The video shows four Marines in uniform laughing and joking while urinating on the bodies of three bearded men. One of the men says, “Have a nice day, buddy.” A caption identifies them as members of Scout Sniper Team 4.

 

US Defense Secretary Leon Panetta called the Marines’ behaviour “utterly deplorable” and promised an investigation, while Afghan President Hamid Karzai condemned the actions as “inhuman”. US Secretary of State Hillary Clinton also promised that the Marines would be punished after expressing her “total dismay”.

However, following an eight-month investigation, the Marine Corps decided on undisclosed administrative punishments for three of the Marines in August. All three had pleaded guilty to misconduct charges, including “wrongly video-recording” the incident, failing to report it, as well as posing next to the bodies.

The relatively lenient punishment will only spark more violence against the American troops in Afghanistan, says Ann Wright, a retired US army colonel and a US diplomat.

There will probably be a violent reaction to the news that this is what the punishment is and retaliation on US government officials should be predicted,“ she told RT.

Their records will also be permanently marked, preventing them from any future promotions or re-enlistments.

Criminal charges were only filed against Chamblin and one other, Staff Sgt. Edward W. Deptola, whose case is still pending. The charges include “being derelict in their duties by failing to properly supervise junior Marines, failing to require junior Marines to wear their personal protective equipment, failing to stop and report the misconduct of junior Marines, failing to report the negligent discharge of a grenade launcher, and failing to stop the indiscriminate firing of weapons.”

Chamblin waived his right to a jury and pleaded guilty to the charges, for which he was sentenced to 30 days’ imprisonment, a reduction in rank by three grades and a $2,000 fine. However, the initial sentence will be reduced by a marine general to a $500 fine and one grade reduction in rank, based on a plea agreement.

Wright argues that the behaviour of both the marines and the court which judged them will enrage the local population in the war-torn country. It also indirectly sanctions similar behaviour by other US troops in other combat zones, “where you have sergeant Bales killing sixteen Afghans, you have this incident of marines urinating on the bodies of the Taliban and you have the issue of Karan being burned on a military base. Afghanis are outraged about these things.”

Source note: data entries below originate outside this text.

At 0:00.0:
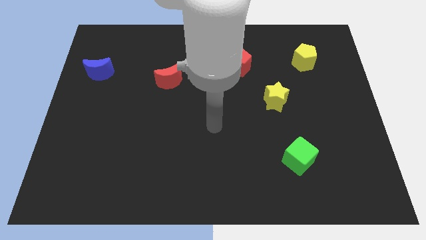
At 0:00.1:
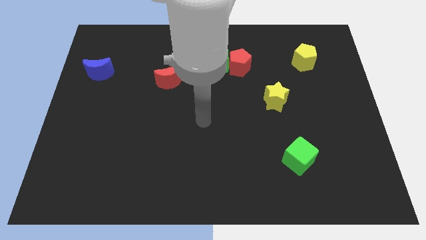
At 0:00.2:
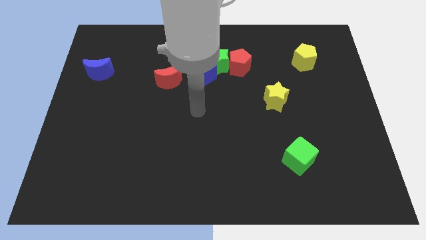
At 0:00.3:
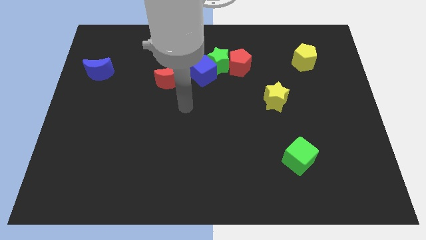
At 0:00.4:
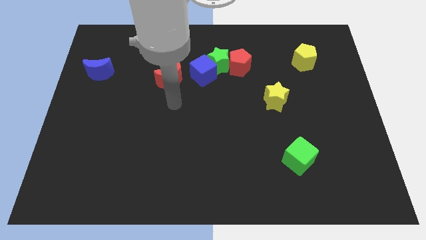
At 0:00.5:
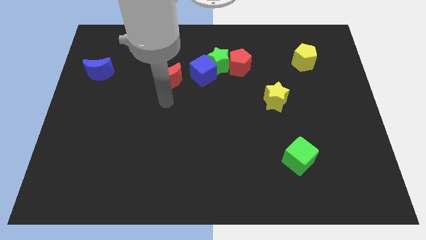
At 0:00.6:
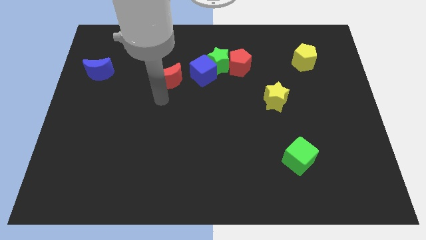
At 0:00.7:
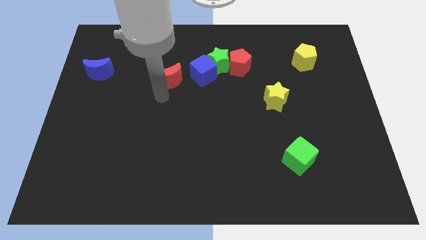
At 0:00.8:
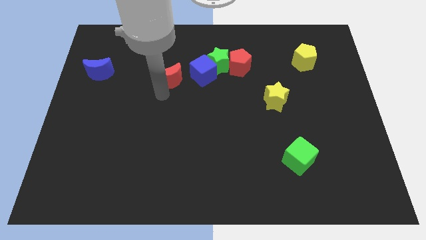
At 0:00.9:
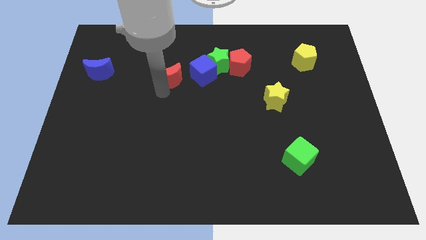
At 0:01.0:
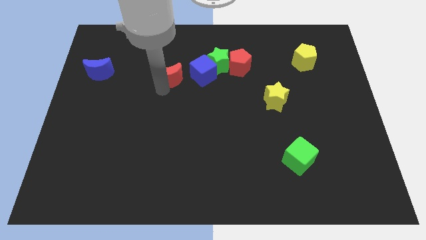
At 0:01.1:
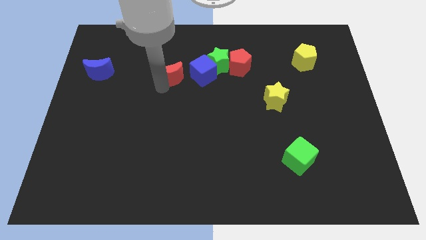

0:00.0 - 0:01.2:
move the red moon left of the green star

4 Afghan Boys Shot Dead by British Forces While Drinking Tea

In Afghanistan, News, NWO, Other Leaks on December 5, 2012 at 2:45 PM

12/04/2012

TheGuardian:

The defence secretary, Philip Hammond, has been asked to launch an urgent inquiry into claims that British forces led a counter-insurgency operation in Afghanistan during which a 12-year-old boy and three teenagers were shot dead while they were drinking tea.

Lawyers acting for the brother of two of the victims have written to Hammond describing an incident on 18 October in the village of Loi Bagh in Nad Ali, Helmand province, where British forces have been based since 2006.

According to statements given to the lawyers by other family members and witnesses, the operation involved Afghan and UK forces, but it was British soldiers – possibly special forces – who were said to have been in the lead.

“We submit that all of the victims were under the control and authority of the UK at the times of the deaths and ill-treatment,” states the letter to Hammond.

“The four boys killed all appear to have been deliberately targeted at close range by British forces. All were killed in a residential area over which UK forces clearly had the requisite degree of control and authority.”

The four victims are named as Fazel Mohammed, 18, Naik Mohammed, 16, Mohammed Tayeb, 14 and Ahmed Shah, 12.

Britain contributes soldiers to Nato’s International Security and Assistance Force (Isaf), which has already confirmed that an operation took place in the village on that date.

The incident has been reported in the Afghan media. Major Adam Wojack, a spokesman for Nato-led forces in Afghanistan, confirmed the “joint Afghan-coalition forces” operation in Nad Ali on 18 October. He said the result was the “killing of four Taliban enemies in action”. That claim is rejected by relatives of the victims.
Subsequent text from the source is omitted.